The path to implementation
The path for semiconductor procurement involves a strategic shift toward agentic AI. Though Infosys is only beginning to work with clients in many of these areas, some companies are starting to use agentic AI tools that read contracts, spot risks, and suggest better payment terms based on how many semiconductor wafers are being produced. These tools also help speed up approvals and raise alerts when something needs attention. This has helped companies save time, follow rules better, and reduce financial risks.
As mentioned, the negotiation process is also already seeing the benefits of agentic AI intelligence. One semiconductor company was struggling with delays in getting ABF substrates, a type of printed-circuit-board substrate. It used agentic AI to automate the sourcing process. The system noticed demand from factory plans, sent out requests to suppliers, reviewed their responses using risk and performance data, and even suggested, through a copilot, how to negotiate better deals. This reduced the time it took to source materials from weeks to just a few days, and helped the company secure supplies early, keeping production on track.
Regardless of the use case, good implementation requires integrating AI agents with existing enterprise resource planning (ERP) systems through secure model context protocol (MCP) servers.
MCP is a technology that enables agents to talk with commercial-off-the-shelf (COTS) systems like SAP and Oracle by exposing intelligence in these systems as an array of skills, such as data skills for enterprise data stores or package skills for SaaS or COTS packages. Each skill is a discrete, callable capability that becomes available to the agent in its operating environment.
Organizations must do this while maintaining a commitment to ethical and transparent AI-driven decision-making, and introduce the right amount of human involvement to achieve gains in productivity, contract quality, and risk mitigation.

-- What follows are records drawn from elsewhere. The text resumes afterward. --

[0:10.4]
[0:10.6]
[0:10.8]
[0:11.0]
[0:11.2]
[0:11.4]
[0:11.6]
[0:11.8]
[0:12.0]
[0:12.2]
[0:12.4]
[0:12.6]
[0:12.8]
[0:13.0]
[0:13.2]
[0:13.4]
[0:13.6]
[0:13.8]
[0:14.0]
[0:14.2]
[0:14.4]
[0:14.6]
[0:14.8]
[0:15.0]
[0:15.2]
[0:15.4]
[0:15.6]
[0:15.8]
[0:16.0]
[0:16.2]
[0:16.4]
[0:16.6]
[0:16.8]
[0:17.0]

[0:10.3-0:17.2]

Another factor is considering how much automation is appropriate. Agents must be auditable, and teams must resist the temptation to over-automate sensitive decisions, as AI still has significant limitations.
Three steps should be taken to empower procurement teams:
Step 1. Ensure integration
Agentic AI should be built into the S2P process flow. This means that AI agents should be embedded within ERP platforms like SAP Ariba, Coupa, and Oracle Procurement to autonomously execute procurement decisions such as PO approvals, supplier risk monitoring, and payment reconciliations, all while ensuring compliance with enterprise policies.
Step 2. Make it ethical
Agentic AI systems must prioritize ethical sourcing, regulatory compliance, and transparency in procurement decisions by maintaining auditable records of AI-driven supplier selection, contract negotiations, and pricing adjustments.
Step 3. Be adaptive
Supplier continuity is critical. AI agents should continuously analyze supply chain risks such as geopolitical disruptions, trade restrictions, and natural disasters, and dynamically adjust sourcing strategies, including automatic supplier reallocation, order redistribution, and expedited logistics recommendations, to ensure supply continuity.
A new business strategy
Agentic AI has the potential to transform the semiconductor S2P process. Agentic systems can make procurement more intelligent, autonomous, and resilient. AI-driven sourcing, negotiation, and risk management can help semiconductor companies achieve greater efficiency, cost-savings, and supply-chain stability.

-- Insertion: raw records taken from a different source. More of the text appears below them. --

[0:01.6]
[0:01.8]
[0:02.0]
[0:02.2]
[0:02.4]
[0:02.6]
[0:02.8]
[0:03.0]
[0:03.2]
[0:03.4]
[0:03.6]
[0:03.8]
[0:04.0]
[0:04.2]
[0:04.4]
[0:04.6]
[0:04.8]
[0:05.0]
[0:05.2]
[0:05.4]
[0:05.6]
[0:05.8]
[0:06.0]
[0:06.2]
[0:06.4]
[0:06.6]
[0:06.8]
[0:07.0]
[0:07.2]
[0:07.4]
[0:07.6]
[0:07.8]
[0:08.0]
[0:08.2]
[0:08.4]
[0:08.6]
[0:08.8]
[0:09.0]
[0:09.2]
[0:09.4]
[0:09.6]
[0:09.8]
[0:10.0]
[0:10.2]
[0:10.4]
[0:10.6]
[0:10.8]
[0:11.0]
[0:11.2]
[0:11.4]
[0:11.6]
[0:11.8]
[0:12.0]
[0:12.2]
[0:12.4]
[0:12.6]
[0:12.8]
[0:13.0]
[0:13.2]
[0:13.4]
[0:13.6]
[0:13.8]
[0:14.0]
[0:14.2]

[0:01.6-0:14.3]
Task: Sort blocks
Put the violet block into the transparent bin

Organizations that integrate AI-first procurement strategies will gain a competitive advantage by mitigating supply chain risks and will improve supplier collaboration. Though all the problems with agentic AI haven’t been ironed out yet, such as hallucinations and memory-loss in the underlying LLMs, how procurement teams should be organized to work with agentic AI systems, and the need to balance AI efficiency with human expertise, companies should act now to realize agentic AI’s full potential. This will ensure a steady supply of chips to fuel AI business strategy in 2026.